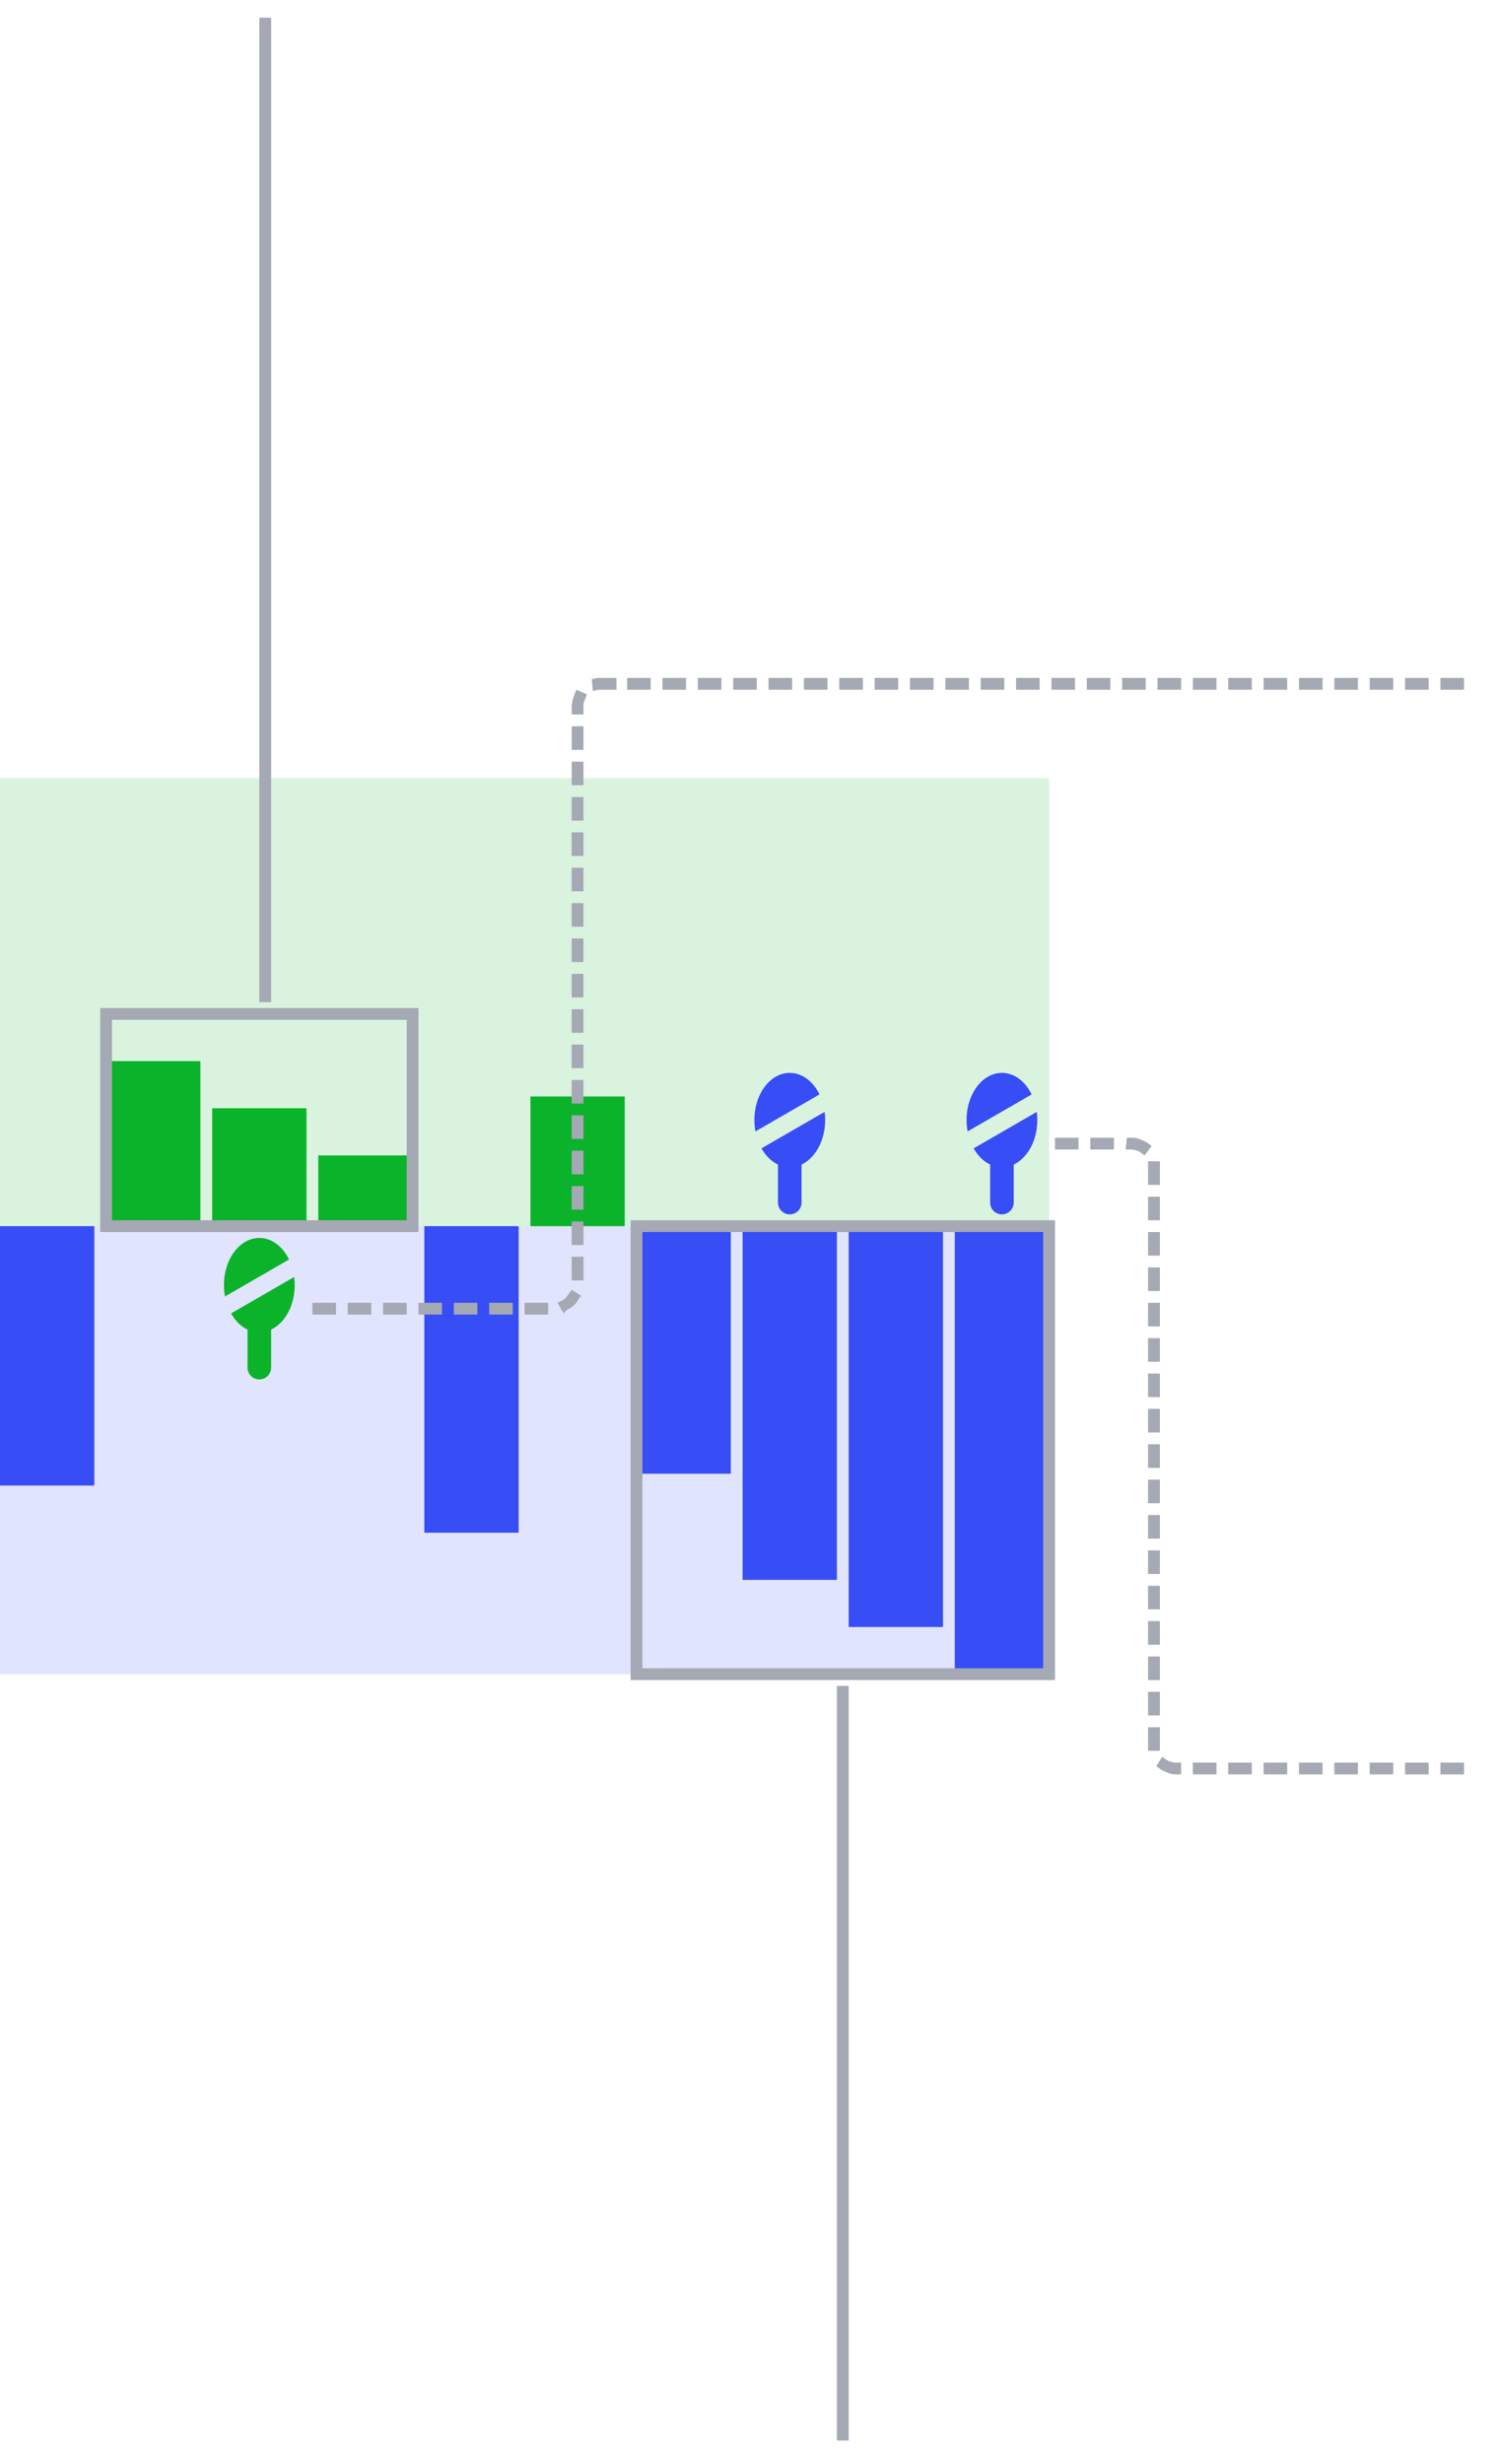 <svg width="127" height="209" viewBox="0 0 127 209" xmlns="http://www.w3.org/2000/svg">
    <g fill="none" fill-rule="evenodd">
        <path fill-opacity=".15" fill="#374DF5" d="M0 104h89v38H0z"/>
        <path fill-opacity=".15" fill="#0BB32A" d="M0 66h89v38H0z"/>
        <path d="M24.956 108.31c.029.224.044.455.044.69 0 1.741-.834 3.223-2 3.772V116a1 1 0 0 1-2 0v-3.228c-.562-.265-1.047-.747-1.4-1.37l5.356-3.092zM22 105c1.057 0 1.986.728 2.52 1.829l-5.432 3.136A5.286 5.286 0 0 1 19 109c0-2.21 1.343-4 3-4zM45 93h8v11h-8zM9 90h8v14H9zm18 8h8v6h-8zm-9-4h8v10h-8z" fill="#0BB32A"/>
        <path d="M36 104h8v26h-8zm18 0h8v21h-8zm-54 0h8v22H0zm63 0h8v30h-8zm9 0h8v34h-8zm9 0h8v38h-8zM69.956 94.31c.029.224.044.455.044.69 0 1.741-.834 3.223-2 3.772V102a1 1 0 0 1-2 0v-3.228c-.562-.265-1.047-.747-1.4-1.37l5.356-3.092zM67 91c1.057 0 1.986.728 2.52 1.829l-5.432 3.136A5.286 5.286 0 0 1 64 95c0-2.21 1.343-4 3-4zM87.956 94.31c.029.224.044.455.044.69 0 1.741-.834 3.223-2 3.772V102a1 1 0 0 1-2 0v-3.228c-.562-.265-1.047-.747-1.4-1.37l5.356-3.092zM85 91c1.057 0 1.986.728 2.52 1.829l-5.432 3.136A5.286 5.286 0 0 1 82 95c0-2.21 1.343-4 3-4z" fill="#374DF5"/>
        <g stroke="#A4A9B3" stroke-linecap="square">
            <path d="M9 86h26v18H9zM22.5 84.5V2"/>
        </g>
        <g stroke="#A4A9B3" stroke-linecap="square">
            <path d="M54 104h35v38H54zM71.5 143.5v63"/>
        </g>
        <path d="M100.2 150.5h-.5c-.4 0-.8-.2-1.2-.4l-.4-.3.5-.8.4.3c.2.1.5.2.7.2h.5v1zm24 0h-2v-1h2v1zm-3 0h-2v-1h2v1zm-3 0h-2v-1h2v1zm-3 0h-2v-1h2v1zm-3 0h-2v-1h2v1zm-3 0h-2v-1h2v1zm-3 0h-2v-1h2v1zm-3 0h-2v-1h2v1zm-4.8-2h-1v-2h1v2zm0-3h-1v-2h1v2zm0-3h-1v-2h1v2zm0-3h-1v-2h1v2zm0-3h-1v-2h1v2zm0-3h-1v-2h1v2zm0-3h-1v-2h1v2zm0-3h-1v-2h1v2zm0-3h-1v-2h1v2zm0-3h-1v-2h1v2zm0-3h-1v-2h1v2zm0-3h-1v-2h1v2zm0-3h-1v-2h1v2zm-51.9-1h-2v-1h2v1zm-3 0h-2v-1h2v1zm-3 0h-2v-1h2v1zm-3 0h-2v-1h2v1zm-3 0h-2v-1h2v1zm-3 0h-2v-1h2v1zm-3 0h-2v-1h2v1zm19.3-.1-.5-.9.4-.2c.2-.1.4-.3.5-.5l.3-.4.8.5-.3.4c-.2.4-.5.6-.9.8l-.3.3zm50.6-1.9h-1v-2h1v2zm-48.9-.9h-1v-2h1v2zm48.9-2.1h-1v-2h1v2zm-48.9-.9h-1v-2h1v2zm48.9-2.1h-1v-2h1v2zm-48.9-.9h-1v-2h1v2zm48.9-2.1h-1v-2h1v2zm-48.9-.9h-1v-2h1v2zM97.1 98l-.4-.3c-.2-.1-.5-.2-.7-.2h-.5l.1-1h.5c.4 0 .8.2 1.2.4l.4.3-.6.8zm-2.6-.5h-2v-1h2v1zm-3 0h-2v-1h2v1zm-42-.9h-1v-2h1v2zm0-3h-1v-2h1v2zm0-3h-1v-2h1v2zm0-3h-1v-2h1v2zm0-3h-1v-2h1v2zm0-3h-1v-2h1v2zm0-3h-1v-2h1v2zm0-3h-1v-2h1v2zm0-3h-1v-2h1v2zm0-3h-1v-2h1v2zm0-3h-1v-2h1v2zm0-3h-1v-2h1v2zm0-3h-1V60c0-.4.1-.7.2-1l.2-.5.9.4-.2.5c-.1.2-.1.4-.1.6v.6zm.8-2-.1-1 .5-.1h1.6v1h-1.5l-.5.1zm73.9-.1h-2v-1h2v1zm-3 0h-2v-1h2v1zm-3 0h-2v-1h2v1zm-3 0h-2v-1h2v1zm-3 0h-2v-1h2v1zm-3 0h-2v-1h2v1zm-3 0h-2v-1h2v1zm-3 0h-2v-1h2v1zm-3 0h-2v-1h2v1zm-3 0h-2v-1h2v1zm-3 0h-2v-1h2v1zm-3 0h-2v-1h2v1zm-3 0h-2v-1h2v1zm-3 0h-2v-1h2v1zm-3 0h-2v-1h2v1zm-3 0h-2v-1h2v1zm-3 0h-2v-1h2v1zm-3 0h-2v-1h2v1zm-3 0h-2v-1h2v1zm-3 0h-2v-1h2v1zm-3 0h-2v-1h2v1zm-3 0h-2v-1h2v1zm-3 0h-2v-1h2v1zm-3 0h-2v-1h2v1z" fill="#A4A9B3"/>
    </g>
</svg>
+ + + + +
- Directions
Every entry above is to be repeated word for word, with all pictures omitted.

- Your response
 <svg width="127" height="209" viewBox="0 0 127 209" xmlns="http://www.w3.org/2000/svg">
    <g fill="none" fill-rule="evenodd">
        <path fill-opacity=".15" fill="#374DF5" d="M0 104h89v38H0z"/>
        <path fill-opacity=".15" fill="#0BB32A" d="M0 66h89v38H0z"/>
        <path d="M24.956 108.31c.029.224.044.455.044.69 0 1.741-.834 3.223-2 3.772V116a1 1 0 0 1-2 0v-3.228c-.562-.265-1.047-.747-1.4-1.37l5.356-3.092zM22 105c1.057 0 1.986.728 2.52 1.829l-5.432 3.136A5.286 5.286 0 0 1 19 109c0-2.21 1.343-4 3-4zM45 93h8v11h-8zM9 90h8v14H9zm18 8h8v6h-8zm-9-4h8v10h-8z" fill="#0BB32A"/>
        <path d="M36 104h8v26h-8zm18 0h8v21h-8zm-54 0h8v22H0zm63 0h8v30h-8zm9 0h8v34h-8zm9 0h8v38h-8zM69.956 94.31c.029.224.044.455.044.69 0 1.741-.834 3.223-2 3.772V102a1 1 0 0 1-2 0v-3.228c-.562-.265-1.047-.747-1.4-1.37l5.356-3.092zM67 91c1.057 0 1.986.728 2.52 1.829l-5.432 3.136A5.286 5.286 0 0 1 64 95c0-2.21 1.343-4 3-4zM87.956 94.31c.029.224.044.455.044.69 0 1.741-.834 3.223-2 3.772V102a1 1 0 0 1-2 0v-3.228c-.562-.265-1.047-.747-1.4-1.37l5.356-3.092zM85 91c1.057 0 1.986.728 2.52 1.829l-5.432 3.136A5.286 5.286 0 0 1 82 95c0-2.21 1.343-4 3-4z" fill="#374DF5"/>
        <g stroke="#A4A9B3" stroke-linecap="square">
            <path d="M9 86h26v18H9zM22.5 84.5V2"/>
        </g>
        <g stroke="#A4A9B3" stroke-linecap="square">
            <path d="M54 104h35v38H54zM71.5 143.5v63"/>
        </g>
        <path d="M100.2 150.5h-.5c-.4 0-.8-.2-1.2-.4l-.4-.3.5-.8.4.3c.2.1.5.2.7.2h.5v1zm24 0h-2v-1h2v1zm-3 0h-2v-1h2v1zm-3 0h-2v-1h2v1zm-3 0h-2v-1h2v1zm-3 0h-2v-1h2v1zm-3 0h-2v-1h2v1zm-3 0h-2v-1h2v1zm-3 0h-2v-1h2v1zm-4.8-2h-1v-2h1v2zm0-3h-1v-2h1v2zm0-3h-1v-2h1v2zm0-3h-1v-2h1v2zm0-3h-1v-2h1v2zm0-3h-1v-2h1v2zm0-3h-1v-2h1v2zm0-3h-1v-2h1v2zm0-3h-1v-2h1v2zm0-3h-1v-2h1v2zm0-3h-1v-2h1v2zm0-3h-1v-2h1v2zm0-3h-1v-2h1v2zm-51.9-1h-2v-1h2v1zm-3 0h-2v-1h2v1zm-3 0h-2v-1h2v1zm-3 0h-2v-1h2v1zm-3 0h-2v-1h2v1zm-3 0h-2v-1h2v1zm-3 0h-2v-1h2v1zm19.3-.1-.5-.9.4-.2c.2-.1.4-.3.5-.5l.3-.4.8.5-.3.4c-.2.4-.5.6-.9.8l-.3.3zm50.6-1.9h-1v-2h1v2zm-48.9-.9h-1v-2h1v2zm48.9-2.1h-1v-2h1v2zm-48.9-.9h-1v-2h1v2zm48.9-2.1h-1v-2h1v2zm-48.9-.9h-1v-2h1v2zm48.9-2.1h-1v-2h1v2zm-48.9-.9h-1v-2h1v2zM97.1 98l-.4-.3c-.2-.1-.5-.2-.7-.2h-.5l.1-1h.5c.4 0 .8.2 1.2.4l.4.3-.6.8zm-2.6-.5h-2v-1h2v1zm-3 0h-2v-1h2v1zm-42-.9h-1v-2h1v2zm0-3h-1v-2h1v2zm0-3h-1v-2h1v2zm0-3h-1v-2h1v2zm0-3h-1v-2h1v2zm0-3h-1v-2h1v2zm0-3h-1v-2h1v2zm0-3h-1v-2h1v2zm0-3h-1v-2h1v2zm0-3h-1v-2h1v2zm0-3h-1v-2h1v2zm0-3h-1v-2h1v2zm0-3h-1V60c0-.4.1-.7.2-1l.2-.5.9.4-.2.5c-.1.2-.1.4-.1.6v.6zm.8-2-.1-1 .5-.1h1.6v1h-1.5l-.5.1zm73.9-.1h-2v-1h2v1zm-3 0h-2v-1h2v1zm-3 0h-2v-1h2v1zm-3 0h-2v-1h2v1zm-3 0h-2v-1h2v1zm-3 0h-2v-1h2v1zm-3 0h-2v-1h2v1zm-3 0h-2v-1h2v1zm-3 0h-2v-1h2v1zm-3 0h-2v-1h2v1zm-3 0h-2v-1h2v1zm-3 0h-2v-1h2v1zm-3 0h-2v-1h2v1zm-3 0h-2v-1h2v1zm-3 0h-2v-1h2v1zm-3 0h-2v-1h2v1zm-3 0h-2v-1h2v1zm-3 0h-2v-1h2v1zm-3 0h-2v-1h2v1zm-3 0h-2v-1h2v1zm-3 0h-2v-1h2v1zm-3 0h-2v-1h2v1zm-3 0h-2v-1h2v1zm-3 0h-2v-1h2v1z" fill="#A4A9B3"/>
    </g>
</svg>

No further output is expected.